Thai military ruler: Beijing gets us, Washington doesn’t

Chinese and U.S. soldiers stand in formation during a ceremony for a new facility at Ban Nhong-Plong Elementary School, located in Chai Badan District, Thailand, Jan. 24, 2015. As part of Exercise Cobra Gold 2015, a combined force of U.S., Chinese and Thai military engineers worked on the building. The structure will serve as a town meeting center and school cafeteria.


By ERIK SLAVIN | STARS AND STRIPES Published: February 9, 2015

Some 3,600 U.S. servicemembers are participating in Cobra Gold 2015 amid a diplomatic row that could have long-term repercussions on the security picture in Southeast Asia.

The long-running annual exercise, which had its ceremonial kickoff Monday, never seemed to be in doubt despite U.S. concerns over host nation Thailand’s military coup last May.

The U.S. values Thailand’s location and well-equipped bases as strategically critical, while Thailand values access to U.S. tactics and procedures.

This year’s exercise will feature less live-fire and more humanitarian operations, but that won’t bother most of the roughly two dozen participant and observer nations, who desire Cobra Gold largely for the relationships they can forge with each other.

Despite the apparent triumph of pragmatism at Cobra Gold, the strident Thai objections over Assistant Secretary of State Daniel Russel’s critical remarks of the military junta during a visit to Bangkok last month shouldn’t be dismissed as political theater.

Thailand, like many other nations in the region, is determining how to balance its interests between the United States and China, whose interests often diverge over regional security. The recent perceived slight by Russel could slowly push Thailand closer to China’s camp, said Anthony Davis, a Bangkok-based analyst with IHS-Jane’s Military and Security Assessments.

“In a decade or 15 years, this may be seen as a watershed moment in a mutual recalibration of the (U.S.-Thai) relationship, which will entail a downgrading,” Davis said.

Russel bluntly discussed the coup and prosecution of Thailand’s democratically elected government, which the military and political opponents viewed as corrupt, during his Jan. 26 speech at Chulalongkorn University and in a subsequent television interview.

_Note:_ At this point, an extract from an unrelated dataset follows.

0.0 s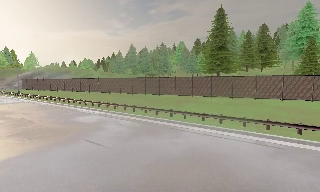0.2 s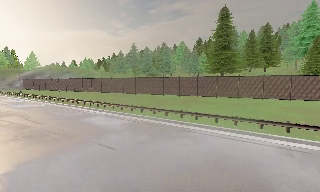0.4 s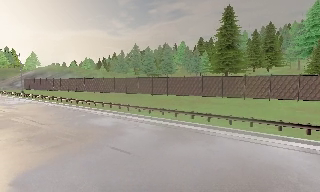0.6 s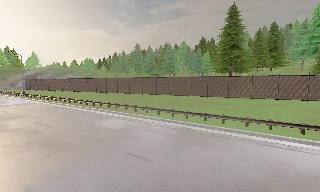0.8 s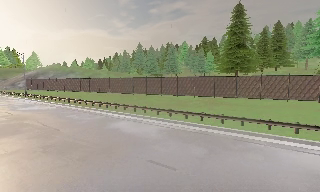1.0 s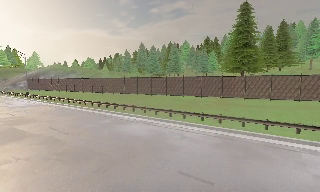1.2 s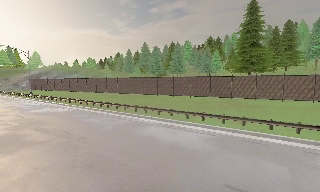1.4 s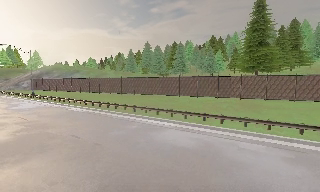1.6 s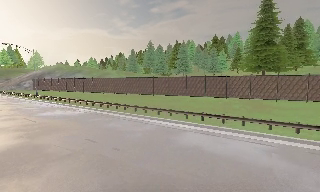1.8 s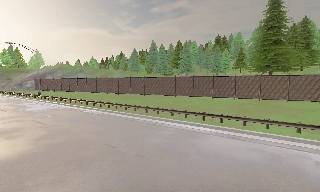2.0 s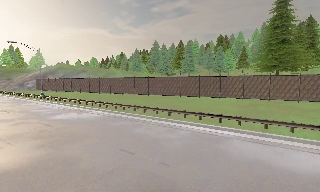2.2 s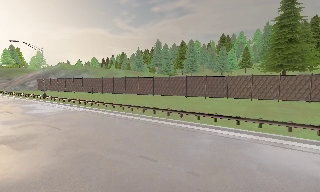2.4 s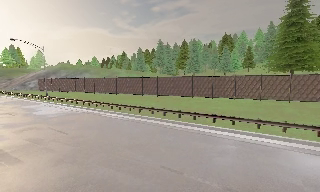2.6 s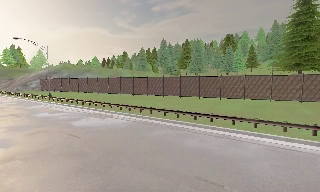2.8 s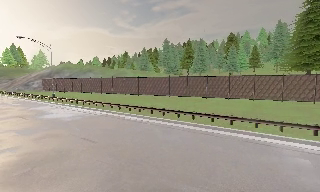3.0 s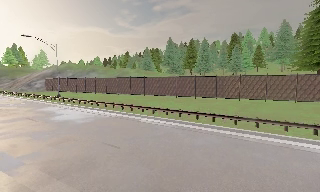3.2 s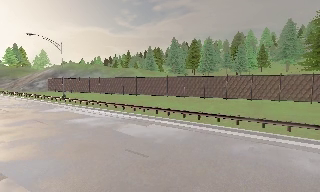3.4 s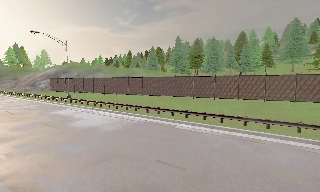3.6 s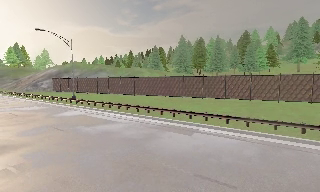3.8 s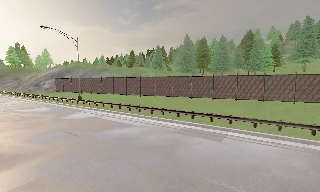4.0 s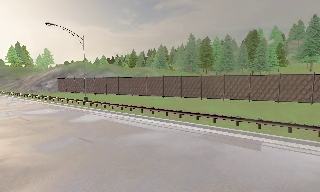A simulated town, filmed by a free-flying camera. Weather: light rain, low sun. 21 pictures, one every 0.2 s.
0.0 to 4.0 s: The camera travels to its left and forward, about 20 m, so close, fixed things drift to the right.
The film runs forward here.

“Ending martial law throughout the country and removing restrictions on freedom of speech and assembly are important steps as part of a genuinely inclusive reform process that reflects the broad diversity of views within the country,” Russel said during his speech.

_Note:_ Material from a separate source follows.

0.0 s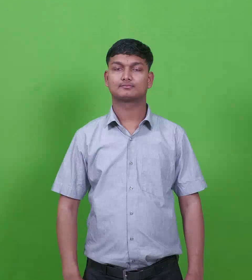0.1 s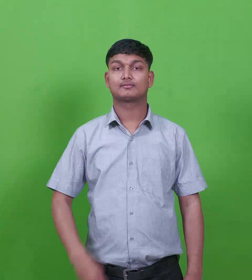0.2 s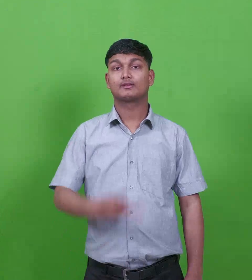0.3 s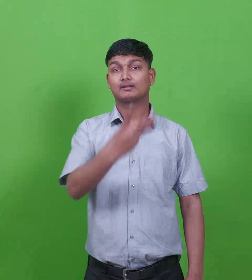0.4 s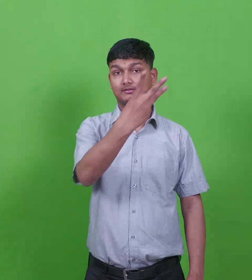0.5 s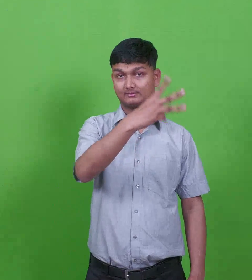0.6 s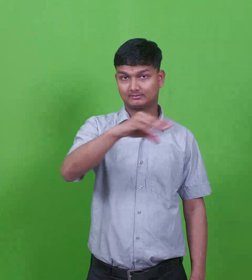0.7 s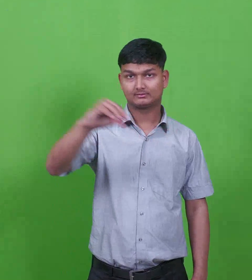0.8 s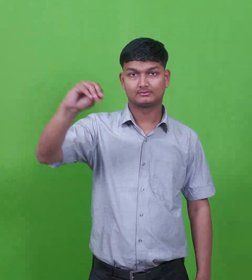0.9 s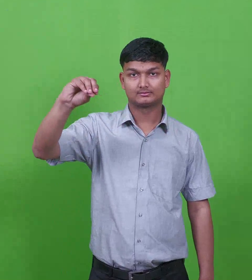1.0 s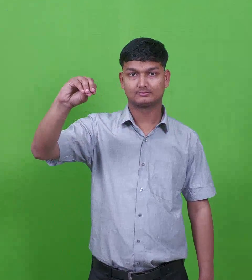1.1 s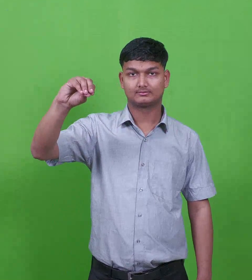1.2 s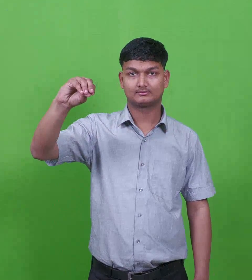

His comments likely wouldn’t have been taken so harshly had they been made in private, or through a spokesman in Washington. Secretary of State John Kerry and others have criticized the Thai government for crackdowns on protesters and media, book bans and other actions.

However, Thais perceived Russel as an invited guest who criticized his host. Even some Thais opposed to the military coup were angered by his comments, Davis said.

“A loss of face in this country is a cardinal sin … it is hugely important here,” Davis said.

After Russel’s departure, Thai officials summoned the U.S. Embassy’s charge d’affaires to express their displeasure.

Prime Minister Prayuth Chan-ocha, the general who led the coup, called Russel’s comments a big disappointment.

“It saddens me that the United States does not understand the reason why I had to intervene and does not understand the way we work, even though we have been close allies for years,” he told reporters.

Last week, Prayuth pointedly thanked China for understanding how Thailand works.

He met with China Defense Minister Chang Wanquan and announced a new intelligence-sharing agreement, according to media reports.

Wanquan said China had no plans to interfere with the military regime, according to the Bangkok Post.

China and the U.S. are among each other’s most important trading partners. The two nations also engage in limited military exchanges; for example, some of their servicemembers just collaborated on a humanitarian project in Thailand.

However, the two nations have vastly different visions of the future direction of the Asia-Pacific region.

China’s ambiguous claims on nearly 90 percent of the South China Sea conflict with the interpretation of international law accepted by the U.S. and most other nations. Beijing’s claims – backed by threats of force – on islands in the region either administered or claimed by U.S. allies have increased tensions. The decades-long U.S. protection of Taiwan from invasion by China simmers in the background.

Thailand has no territorial squabble with China and stands to benefit from its increasing capabilities. This could lead to a “gradual recalibration” of its security relationships, Davis said.

However, Thailand doesn’t have to choose one side. It gains regional prestige from hosting Cobra Gold and technical help fighting its southern insurgency from the United States, among other benefits. Thailand exported $27 billion in trade to the U.S. last year, a slight increase from 2013.

“This is still a couple that have got a lot in common and (have) spent a lot of time together,” Davis said of the U.S. and Thailand. “I don’t think anybody in any sense is signaling the possibility of divorce.”